Which lines below contain "width"? Pull them out.

[[ Recorded data, beginning ]]

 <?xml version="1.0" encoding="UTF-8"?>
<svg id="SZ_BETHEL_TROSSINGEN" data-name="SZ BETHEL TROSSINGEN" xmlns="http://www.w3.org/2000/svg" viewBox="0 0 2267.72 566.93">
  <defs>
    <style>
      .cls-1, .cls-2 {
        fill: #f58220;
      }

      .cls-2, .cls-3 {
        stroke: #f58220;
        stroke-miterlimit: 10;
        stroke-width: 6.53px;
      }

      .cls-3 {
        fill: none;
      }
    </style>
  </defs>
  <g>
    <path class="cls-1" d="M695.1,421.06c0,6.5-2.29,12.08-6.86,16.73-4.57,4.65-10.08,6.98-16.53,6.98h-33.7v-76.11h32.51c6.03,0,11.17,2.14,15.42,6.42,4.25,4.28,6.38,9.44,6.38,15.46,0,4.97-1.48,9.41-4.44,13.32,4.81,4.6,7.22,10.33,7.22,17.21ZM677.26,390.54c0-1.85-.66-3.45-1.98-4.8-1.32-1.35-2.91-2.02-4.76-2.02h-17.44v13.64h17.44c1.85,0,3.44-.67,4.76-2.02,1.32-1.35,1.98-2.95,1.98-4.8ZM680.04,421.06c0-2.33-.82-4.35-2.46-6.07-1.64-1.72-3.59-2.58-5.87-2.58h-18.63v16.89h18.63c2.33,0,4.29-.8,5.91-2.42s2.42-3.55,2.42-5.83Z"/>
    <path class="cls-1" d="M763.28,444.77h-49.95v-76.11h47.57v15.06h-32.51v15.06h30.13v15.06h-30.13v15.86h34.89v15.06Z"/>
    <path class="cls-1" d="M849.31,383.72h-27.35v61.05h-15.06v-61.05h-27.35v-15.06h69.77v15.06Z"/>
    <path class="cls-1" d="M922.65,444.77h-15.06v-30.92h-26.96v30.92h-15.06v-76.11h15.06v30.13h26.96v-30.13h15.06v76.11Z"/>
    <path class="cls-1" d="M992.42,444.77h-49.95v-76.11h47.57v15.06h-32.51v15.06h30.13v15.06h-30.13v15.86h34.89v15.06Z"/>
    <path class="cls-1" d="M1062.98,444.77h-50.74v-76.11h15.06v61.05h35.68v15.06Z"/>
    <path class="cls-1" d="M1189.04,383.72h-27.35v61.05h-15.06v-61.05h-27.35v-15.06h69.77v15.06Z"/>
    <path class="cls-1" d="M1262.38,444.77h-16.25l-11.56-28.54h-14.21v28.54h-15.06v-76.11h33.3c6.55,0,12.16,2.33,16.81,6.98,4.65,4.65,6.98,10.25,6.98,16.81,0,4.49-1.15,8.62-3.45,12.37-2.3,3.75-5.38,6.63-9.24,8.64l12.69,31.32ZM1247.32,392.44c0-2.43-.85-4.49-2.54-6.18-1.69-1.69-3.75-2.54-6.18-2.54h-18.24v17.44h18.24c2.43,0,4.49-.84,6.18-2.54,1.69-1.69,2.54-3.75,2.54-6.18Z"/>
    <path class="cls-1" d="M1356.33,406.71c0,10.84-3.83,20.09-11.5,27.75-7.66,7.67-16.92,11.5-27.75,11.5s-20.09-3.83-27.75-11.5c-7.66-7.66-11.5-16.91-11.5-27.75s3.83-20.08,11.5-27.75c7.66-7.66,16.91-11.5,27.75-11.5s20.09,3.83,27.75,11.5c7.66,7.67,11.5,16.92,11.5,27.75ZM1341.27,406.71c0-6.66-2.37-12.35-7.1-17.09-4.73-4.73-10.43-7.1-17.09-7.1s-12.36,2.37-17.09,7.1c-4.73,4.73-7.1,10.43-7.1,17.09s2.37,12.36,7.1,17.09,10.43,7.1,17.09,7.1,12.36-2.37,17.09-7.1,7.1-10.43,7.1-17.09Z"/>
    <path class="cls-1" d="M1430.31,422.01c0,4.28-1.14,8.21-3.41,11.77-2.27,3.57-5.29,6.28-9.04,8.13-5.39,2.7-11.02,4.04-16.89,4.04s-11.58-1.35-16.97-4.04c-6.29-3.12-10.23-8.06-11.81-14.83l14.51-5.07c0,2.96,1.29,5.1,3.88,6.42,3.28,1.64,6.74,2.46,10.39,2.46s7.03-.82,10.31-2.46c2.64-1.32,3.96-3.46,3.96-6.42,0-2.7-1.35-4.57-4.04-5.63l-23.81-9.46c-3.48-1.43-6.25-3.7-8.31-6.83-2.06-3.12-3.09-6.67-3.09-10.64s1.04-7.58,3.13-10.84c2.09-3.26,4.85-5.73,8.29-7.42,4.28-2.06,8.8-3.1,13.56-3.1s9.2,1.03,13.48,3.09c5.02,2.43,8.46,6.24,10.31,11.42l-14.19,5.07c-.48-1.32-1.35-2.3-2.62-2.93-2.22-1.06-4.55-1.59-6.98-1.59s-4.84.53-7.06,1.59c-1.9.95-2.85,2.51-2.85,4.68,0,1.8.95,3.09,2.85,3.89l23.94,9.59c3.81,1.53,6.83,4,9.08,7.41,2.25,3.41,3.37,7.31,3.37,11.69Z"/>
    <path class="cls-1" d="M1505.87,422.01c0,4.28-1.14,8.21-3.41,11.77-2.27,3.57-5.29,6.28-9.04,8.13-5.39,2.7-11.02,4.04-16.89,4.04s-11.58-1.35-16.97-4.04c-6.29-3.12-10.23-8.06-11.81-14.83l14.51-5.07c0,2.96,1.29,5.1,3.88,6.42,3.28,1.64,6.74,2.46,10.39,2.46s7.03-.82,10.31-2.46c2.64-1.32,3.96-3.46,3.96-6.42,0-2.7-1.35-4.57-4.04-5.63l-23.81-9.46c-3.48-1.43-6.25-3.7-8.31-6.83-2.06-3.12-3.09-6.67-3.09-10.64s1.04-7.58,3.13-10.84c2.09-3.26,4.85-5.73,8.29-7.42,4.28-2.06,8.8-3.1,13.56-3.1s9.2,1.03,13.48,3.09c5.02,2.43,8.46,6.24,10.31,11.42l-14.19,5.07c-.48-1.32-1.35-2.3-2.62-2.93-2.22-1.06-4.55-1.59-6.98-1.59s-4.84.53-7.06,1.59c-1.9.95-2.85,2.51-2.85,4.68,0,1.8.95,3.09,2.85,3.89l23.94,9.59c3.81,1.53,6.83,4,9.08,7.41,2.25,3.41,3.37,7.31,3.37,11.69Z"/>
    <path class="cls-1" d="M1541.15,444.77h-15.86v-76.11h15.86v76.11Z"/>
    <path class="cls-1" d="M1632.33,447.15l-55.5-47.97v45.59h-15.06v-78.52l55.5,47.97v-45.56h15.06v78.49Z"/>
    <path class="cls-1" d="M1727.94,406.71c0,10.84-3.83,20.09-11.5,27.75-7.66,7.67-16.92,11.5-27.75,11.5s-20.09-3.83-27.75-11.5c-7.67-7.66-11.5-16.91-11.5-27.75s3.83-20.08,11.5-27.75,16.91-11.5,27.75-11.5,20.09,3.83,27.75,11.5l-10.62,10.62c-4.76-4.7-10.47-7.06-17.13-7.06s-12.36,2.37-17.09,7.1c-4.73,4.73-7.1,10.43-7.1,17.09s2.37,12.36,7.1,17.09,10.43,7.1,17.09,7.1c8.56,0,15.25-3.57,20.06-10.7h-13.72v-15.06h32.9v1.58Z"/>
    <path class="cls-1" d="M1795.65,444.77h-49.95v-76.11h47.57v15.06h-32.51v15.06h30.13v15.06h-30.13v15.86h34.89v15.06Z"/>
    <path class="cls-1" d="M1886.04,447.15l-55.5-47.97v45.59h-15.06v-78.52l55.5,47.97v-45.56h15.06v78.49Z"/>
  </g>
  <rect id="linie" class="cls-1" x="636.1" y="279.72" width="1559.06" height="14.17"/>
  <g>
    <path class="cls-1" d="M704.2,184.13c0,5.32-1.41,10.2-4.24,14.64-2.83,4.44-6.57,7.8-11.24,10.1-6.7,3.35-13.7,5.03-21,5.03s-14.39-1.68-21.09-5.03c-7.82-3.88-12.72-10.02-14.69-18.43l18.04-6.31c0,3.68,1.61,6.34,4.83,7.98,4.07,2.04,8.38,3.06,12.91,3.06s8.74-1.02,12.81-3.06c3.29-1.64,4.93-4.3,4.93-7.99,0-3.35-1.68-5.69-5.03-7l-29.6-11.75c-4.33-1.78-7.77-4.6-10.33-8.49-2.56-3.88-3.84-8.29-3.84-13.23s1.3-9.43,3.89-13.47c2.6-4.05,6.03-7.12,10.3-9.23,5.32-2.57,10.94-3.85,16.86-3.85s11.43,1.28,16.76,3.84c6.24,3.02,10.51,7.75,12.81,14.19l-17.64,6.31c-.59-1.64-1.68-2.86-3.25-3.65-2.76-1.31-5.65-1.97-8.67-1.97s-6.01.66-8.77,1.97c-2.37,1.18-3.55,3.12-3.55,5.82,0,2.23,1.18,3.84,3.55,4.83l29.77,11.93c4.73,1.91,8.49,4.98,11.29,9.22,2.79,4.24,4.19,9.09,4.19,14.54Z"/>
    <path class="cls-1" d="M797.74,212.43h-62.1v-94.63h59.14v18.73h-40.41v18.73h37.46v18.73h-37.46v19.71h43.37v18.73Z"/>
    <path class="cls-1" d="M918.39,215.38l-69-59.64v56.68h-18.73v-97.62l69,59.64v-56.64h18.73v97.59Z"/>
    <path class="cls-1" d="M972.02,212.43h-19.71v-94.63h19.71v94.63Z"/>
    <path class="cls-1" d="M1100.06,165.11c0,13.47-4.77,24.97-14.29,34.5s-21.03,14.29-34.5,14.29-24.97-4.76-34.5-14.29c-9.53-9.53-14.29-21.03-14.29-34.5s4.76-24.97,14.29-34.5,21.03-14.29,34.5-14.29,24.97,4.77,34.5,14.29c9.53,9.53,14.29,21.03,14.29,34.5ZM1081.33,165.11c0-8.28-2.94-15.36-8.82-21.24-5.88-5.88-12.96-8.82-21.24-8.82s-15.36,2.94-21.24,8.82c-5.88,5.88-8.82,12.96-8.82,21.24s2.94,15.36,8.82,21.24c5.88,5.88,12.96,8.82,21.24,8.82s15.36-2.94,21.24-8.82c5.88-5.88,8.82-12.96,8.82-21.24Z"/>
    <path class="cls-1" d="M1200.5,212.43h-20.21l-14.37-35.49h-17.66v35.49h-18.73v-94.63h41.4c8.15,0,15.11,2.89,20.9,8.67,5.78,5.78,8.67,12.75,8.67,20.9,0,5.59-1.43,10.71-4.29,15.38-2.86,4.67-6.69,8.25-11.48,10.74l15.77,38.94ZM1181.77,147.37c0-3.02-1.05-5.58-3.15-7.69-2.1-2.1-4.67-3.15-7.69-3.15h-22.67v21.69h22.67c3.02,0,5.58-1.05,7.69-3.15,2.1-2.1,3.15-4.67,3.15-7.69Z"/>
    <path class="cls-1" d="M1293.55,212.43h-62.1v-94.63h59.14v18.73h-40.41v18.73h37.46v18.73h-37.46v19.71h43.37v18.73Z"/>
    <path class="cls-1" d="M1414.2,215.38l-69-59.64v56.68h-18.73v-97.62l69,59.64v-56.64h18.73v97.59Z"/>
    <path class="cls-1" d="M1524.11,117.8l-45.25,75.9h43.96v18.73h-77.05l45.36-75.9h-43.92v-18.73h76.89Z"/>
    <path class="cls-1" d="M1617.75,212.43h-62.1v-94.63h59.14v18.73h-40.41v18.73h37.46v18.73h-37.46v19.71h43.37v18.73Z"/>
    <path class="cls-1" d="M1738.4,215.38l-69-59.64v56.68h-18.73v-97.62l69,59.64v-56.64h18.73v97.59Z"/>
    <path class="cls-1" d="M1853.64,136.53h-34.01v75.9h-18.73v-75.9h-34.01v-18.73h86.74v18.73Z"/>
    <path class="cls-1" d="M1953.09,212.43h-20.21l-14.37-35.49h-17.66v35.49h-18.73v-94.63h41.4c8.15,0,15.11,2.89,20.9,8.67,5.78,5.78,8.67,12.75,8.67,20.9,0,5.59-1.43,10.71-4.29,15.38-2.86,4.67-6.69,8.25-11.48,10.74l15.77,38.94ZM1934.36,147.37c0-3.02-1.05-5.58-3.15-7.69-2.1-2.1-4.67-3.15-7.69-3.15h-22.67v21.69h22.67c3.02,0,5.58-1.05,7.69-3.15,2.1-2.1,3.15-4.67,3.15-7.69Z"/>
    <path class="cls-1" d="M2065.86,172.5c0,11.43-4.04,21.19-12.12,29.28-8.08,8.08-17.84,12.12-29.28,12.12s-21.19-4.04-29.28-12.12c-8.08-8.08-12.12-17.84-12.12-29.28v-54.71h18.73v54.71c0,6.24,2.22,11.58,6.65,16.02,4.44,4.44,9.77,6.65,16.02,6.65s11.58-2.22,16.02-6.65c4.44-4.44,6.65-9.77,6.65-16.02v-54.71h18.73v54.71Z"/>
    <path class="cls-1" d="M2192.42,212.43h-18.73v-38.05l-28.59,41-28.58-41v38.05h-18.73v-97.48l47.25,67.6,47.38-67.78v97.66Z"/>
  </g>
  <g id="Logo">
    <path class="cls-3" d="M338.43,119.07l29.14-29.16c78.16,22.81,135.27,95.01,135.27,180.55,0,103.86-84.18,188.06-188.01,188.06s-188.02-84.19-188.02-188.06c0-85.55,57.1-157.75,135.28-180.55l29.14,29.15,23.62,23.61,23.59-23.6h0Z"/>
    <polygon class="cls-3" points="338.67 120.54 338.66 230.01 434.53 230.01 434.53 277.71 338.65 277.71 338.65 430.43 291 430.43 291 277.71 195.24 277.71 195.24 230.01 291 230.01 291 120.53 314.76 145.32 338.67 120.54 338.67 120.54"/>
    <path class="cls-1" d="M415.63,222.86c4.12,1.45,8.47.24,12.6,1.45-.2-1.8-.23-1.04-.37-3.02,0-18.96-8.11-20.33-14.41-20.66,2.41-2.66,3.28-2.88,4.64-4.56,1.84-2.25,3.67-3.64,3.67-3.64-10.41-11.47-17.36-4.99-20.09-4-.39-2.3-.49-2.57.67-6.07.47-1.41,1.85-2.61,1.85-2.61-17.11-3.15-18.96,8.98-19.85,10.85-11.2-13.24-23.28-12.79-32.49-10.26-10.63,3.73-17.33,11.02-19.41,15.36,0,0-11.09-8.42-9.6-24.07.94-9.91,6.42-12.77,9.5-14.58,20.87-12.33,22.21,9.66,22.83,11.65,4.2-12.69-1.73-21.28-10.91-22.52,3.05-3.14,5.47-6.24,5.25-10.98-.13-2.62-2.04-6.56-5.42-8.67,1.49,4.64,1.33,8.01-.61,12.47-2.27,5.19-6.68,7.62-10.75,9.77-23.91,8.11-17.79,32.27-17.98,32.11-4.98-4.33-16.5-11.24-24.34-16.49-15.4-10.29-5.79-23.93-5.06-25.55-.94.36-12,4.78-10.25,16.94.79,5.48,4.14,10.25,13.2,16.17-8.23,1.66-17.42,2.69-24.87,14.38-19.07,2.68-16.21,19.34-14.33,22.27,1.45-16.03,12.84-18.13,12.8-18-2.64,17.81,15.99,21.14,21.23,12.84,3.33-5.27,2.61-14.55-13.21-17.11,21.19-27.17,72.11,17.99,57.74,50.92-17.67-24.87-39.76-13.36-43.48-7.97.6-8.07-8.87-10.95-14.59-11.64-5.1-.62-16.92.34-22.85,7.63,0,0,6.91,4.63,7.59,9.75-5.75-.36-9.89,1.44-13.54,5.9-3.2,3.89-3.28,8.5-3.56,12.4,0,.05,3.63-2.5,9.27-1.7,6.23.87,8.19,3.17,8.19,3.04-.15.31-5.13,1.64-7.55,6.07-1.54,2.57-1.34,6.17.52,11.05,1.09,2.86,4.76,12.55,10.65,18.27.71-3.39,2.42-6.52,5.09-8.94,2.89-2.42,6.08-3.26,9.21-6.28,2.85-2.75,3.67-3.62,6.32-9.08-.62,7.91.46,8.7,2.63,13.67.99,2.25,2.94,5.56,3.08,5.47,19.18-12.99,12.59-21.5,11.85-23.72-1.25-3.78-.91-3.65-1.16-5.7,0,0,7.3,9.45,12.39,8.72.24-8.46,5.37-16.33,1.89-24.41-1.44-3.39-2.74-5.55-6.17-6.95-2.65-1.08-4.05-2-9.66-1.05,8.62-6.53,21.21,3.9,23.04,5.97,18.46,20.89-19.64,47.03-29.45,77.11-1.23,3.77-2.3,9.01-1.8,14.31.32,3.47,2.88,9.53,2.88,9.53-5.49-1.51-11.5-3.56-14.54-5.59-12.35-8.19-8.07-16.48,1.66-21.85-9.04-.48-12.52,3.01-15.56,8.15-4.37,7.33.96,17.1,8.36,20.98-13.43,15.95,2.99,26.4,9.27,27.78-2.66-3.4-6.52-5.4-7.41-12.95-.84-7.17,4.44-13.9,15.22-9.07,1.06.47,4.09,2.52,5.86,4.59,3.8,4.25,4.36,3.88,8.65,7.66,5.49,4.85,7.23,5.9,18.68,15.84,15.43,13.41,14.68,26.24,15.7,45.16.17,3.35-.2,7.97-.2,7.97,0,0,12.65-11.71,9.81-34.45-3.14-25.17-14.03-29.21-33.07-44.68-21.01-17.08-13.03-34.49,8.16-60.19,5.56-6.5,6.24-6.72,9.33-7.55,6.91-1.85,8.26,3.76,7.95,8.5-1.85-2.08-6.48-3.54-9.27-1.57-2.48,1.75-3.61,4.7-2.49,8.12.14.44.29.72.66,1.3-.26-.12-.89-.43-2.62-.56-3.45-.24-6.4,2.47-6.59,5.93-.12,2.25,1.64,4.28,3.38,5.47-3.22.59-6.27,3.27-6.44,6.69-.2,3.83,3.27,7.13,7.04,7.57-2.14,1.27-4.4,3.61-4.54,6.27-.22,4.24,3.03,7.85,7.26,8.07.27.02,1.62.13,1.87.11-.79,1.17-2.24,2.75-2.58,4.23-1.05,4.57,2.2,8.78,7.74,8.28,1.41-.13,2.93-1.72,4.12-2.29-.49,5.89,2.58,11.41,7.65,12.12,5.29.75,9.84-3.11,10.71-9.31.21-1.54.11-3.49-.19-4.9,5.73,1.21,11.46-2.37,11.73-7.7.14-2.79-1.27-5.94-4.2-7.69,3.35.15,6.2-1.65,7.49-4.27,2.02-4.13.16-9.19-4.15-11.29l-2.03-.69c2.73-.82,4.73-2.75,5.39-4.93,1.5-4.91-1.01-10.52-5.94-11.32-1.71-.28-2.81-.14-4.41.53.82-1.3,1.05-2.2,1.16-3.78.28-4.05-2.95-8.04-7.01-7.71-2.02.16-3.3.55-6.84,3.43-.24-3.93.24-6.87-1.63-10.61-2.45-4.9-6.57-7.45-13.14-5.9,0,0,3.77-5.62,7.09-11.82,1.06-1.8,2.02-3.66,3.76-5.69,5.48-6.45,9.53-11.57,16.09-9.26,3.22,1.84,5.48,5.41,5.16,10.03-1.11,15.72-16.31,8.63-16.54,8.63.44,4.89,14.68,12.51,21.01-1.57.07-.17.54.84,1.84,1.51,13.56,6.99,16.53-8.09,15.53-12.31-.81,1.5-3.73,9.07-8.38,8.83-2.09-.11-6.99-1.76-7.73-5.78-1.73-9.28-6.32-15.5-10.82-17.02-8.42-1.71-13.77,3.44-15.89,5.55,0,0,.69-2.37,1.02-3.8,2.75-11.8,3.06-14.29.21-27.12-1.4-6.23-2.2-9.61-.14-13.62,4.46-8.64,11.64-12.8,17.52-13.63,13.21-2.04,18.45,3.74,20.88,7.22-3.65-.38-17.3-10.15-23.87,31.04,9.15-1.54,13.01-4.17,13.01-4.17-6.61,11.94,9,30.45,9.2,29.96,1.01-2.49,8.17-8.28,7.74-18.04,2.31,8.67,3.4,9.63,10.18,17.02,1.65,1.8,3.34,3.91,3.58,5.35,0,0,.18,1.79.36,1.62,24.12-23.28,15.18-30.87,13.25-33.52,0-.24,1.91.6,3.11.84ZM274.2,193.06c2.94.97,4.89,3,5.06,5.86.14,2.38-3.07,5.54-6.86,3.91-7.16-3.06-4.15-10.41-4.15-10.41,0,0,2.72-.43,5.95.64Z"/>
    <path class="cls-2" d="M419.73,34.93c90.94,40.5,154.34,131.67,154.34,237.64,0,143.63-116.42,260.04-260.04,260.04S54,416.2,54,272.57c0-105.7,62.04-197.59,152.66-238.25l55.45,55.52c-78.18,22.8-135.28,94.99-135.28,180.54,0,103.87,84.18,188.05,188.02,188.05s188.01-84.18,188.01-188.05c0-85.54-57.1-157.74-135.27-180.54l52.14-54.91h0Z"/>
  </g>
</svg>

[[ Recorded data, end ]]

▶ _Solution below_:
        stroke-width: 6.53px;
  <rect id="linie" class="cls-1" x="636.1" y="279.72" width="1559.06" height="14.17"/>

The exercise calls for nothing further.